■ **Activity**
Repeat every entry in full. Match each line exactly.

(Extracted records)
----------------
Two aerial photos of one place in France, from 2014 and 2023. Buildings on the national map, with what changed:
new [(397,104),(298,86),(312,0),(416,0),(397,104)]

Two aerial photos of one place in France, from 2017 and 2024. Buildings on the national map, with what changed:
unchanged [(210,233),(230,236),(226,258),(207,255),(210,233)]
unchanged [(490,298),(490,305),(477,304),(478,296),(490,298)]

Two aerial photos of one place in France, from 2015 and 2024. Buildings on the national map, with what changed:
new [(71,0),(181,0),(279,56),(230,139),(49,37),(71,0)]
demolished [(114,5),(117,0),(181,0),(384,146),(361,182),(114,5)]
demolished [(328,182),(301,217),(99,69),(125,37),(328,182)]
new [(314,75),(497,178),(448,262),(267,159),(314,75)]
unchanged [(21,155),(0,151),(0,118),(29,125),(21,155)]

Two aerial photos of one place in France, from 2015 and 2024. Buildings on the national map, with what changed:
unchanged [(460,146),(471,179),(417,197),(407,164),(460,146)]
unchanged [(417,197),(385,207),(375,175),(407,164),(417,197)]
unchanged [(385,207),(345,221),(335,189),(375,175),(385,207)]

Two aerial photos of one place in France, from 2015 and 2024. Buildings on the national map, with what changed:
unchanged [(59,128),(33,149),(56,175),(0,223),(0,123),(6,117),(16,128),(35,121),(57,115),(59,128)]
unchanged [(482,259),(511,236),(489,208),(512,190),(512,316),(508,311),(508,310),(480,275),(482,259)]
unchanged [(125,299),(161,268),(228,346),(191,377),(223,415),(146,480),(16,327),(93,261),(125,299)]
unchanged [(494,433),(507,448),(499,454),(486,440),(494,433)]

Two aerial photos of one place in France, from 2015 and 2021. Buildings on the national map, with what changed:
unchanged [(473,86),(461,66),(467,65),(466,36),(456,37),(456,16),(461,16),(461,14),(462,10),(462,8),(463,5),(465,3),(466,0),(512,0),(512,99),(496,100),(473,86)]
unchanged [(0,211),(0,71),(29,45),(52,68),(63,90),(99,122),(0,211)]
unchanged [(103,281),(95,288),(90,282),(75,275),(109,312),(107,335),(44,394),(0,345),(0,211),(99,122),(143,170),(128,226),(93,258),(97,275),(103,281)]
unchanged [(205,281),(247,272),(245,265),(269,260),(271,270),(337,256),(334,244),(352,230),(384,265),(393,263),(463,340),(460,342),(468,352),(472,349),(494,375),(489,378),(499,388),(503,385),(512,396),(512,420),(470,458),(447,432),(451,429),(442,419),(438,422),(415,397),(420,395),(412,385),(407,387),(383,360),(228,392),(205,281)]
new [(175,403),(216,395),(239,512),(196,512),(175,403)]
----------------
■ **Solution below**
Two aerial photos of one place in France, from 2014 and 2023. Buildings on the national map, with what changed:
new [(397,104),(298,86),(312,0),(416,0),(397,104)]

Two aerial photos of one place in France, from 2017 and 2024. Buildings on the national map, with what changed:
unchanged [(210,233),(230,236),(226,258),(207,255),(210,233)]
unchanged [(490,298),(490,305),(477,304),(478,296),(490,298)]

Two aerial photos of one place in France, from 2015 and 2024. Buildings on the national map, with what changed:
new [(71,0),(181,0),(279,56),(230,139),(49,37),(71,0)]
demolished [(114,5),(117,0),(181,0),(384,146),(361,182),(114,5)]
demolished [(328,182),(301,217),(99,69),(125,37),(328,182)]
new [(314,75),(497,178),(448,262),(267,159),(314,75)]
unchanged [(21,155),(0,151),(0,118),(29,125),(21,155)]

Two aerial photos of one place in France, from 2015 and 2024. Buildings on the national map, with what changed:
unchanged [(460,146),(471,179),(417,197),(407,164),(460,146)]
unchanged [(417,197),(385,207),(375,175),(407,164),(417,197)]
unchanged [(385,207),(345,221),(335,189),(375,175),(385,207)]

Two aerial photos of one place in France, from 2015 and 2024. Buildings on the national map, with what changed:
unchanged [(59,128),(33,149),(56,175),(0,223),(0,123),(6,117),(16,128),(35,121),(57,115),(59,128)]
unchanged [(482,259),(511,236),(489,208),(512,190),(512,316),(508,311),(508,310),(480,275),(482,259)]
unchanged [(125,299),(161,268),(228,346),(191,377),(223,415),(146,480),(16,327),(93,261),(125,299)]
unchanged [(494,433),(507,448),(499,454),(486,440),(494,433)]

Two aerial photos of one place in France, from 2015 and 2021. Buildings on the national map, with what changed:
unchanged [(473,86),(461,66),(467,65),(466,36),(456,37),(456,16),(461,16),(461,14),(462,10),(462,8),(463,5),(465,3),(466,0),(512,0),(512,99),(496,100),(473,86)]
unchanged [(0,211),(0,71),(29,45),(52,68),(63,90),(99,122),(0,211)]
unchanged [(103,281),(95,288),(90,282),(75,275),(109,312),(107,335),(44,394),(0,345),(0,211),(99,122),(143,170),(128,226),(93,258),(97,275),(103,281)]
unchanged [(205,281),(247,272),(245,265),(269,260),(271,270),(337,256),(334,244),(352,230),(384,265),(393,263),(463,340),(460,342),(468,352),(472,349),(494,375),(489,378),(499,388),(503,385),(512,396),(512,420),(470,458),(447,432),(451,429),(442,419),(438,422),(415,397),(420,395),(412,385),(407,387),(383,360),(228,392),(205,281)]
new [(175,403),(216,395),(239,512),(196,512),(175,403)]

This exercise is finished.